Excellent moniker IngloriousSplunker!
you need to show sample data and your regex. It's not Splunk stopping on the ampersand... it's your regex syntax and the event. the & isn't special in any way...
Can i get your sample event?
I think you can do someting like this:
...|rex fields=_raw "fieldTitle\=Type\: (?<fieldname>[^\n])"
depending of the end of your description. If not working, let me get your sample event.
Thanks
I did not try fields=_raw
in the rex component, instead I designated field=nitroBehavior
, which is the field I wanted to perform the regex on. I may try _raw tomorrow and just ignore everything up to the field I want to see if that changes the result any.
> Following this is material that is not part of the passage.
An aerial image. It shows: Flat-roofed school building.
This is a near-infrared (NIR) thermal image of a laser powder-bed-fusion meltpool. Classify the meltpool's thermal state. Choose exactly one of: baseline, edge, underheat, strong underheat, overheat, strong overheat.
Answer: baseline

It's sensor event data from another SIEM. Below is a sample:
May 7 2015 15:36:21 forwarding-system-hostname.domain.com 2015-05-07T15:36:21.201Z|ESM|CEF|358|McAfee NTR Incident start= 1430987152 end= 1430987152 rt=1430990752 deviceExternalId=Sensor-A eventId=1234 nitroNormId=123588 nitroObjectId=Malware: Botnet nitroBehavior=Botnet: GB Custom Signature C&C Traffic From DNS src=1.2.3.4 dst=5.6.7.8 nitroCat=Misc nitroDom=Domain
The above is a representation of the event I'm format I'm having an issue with. The field I'm having an issue with is "nitroBehavior". Splunk auto-parses the field, however, it extracts the value as "Botnet: Custom Signature C", and I've tried numerous regular expressions to include | rex field=nitroBehavior "(?P<fieldname>.*)"
and |rex field=nitroBehavior "(?P<fieldname>[^nitro])"
and other variations that should work, including using the hex and unicode representations of the ampersand. Every time, it captures "Botnet: Custom Signature C", but never goes beyond the ampersand.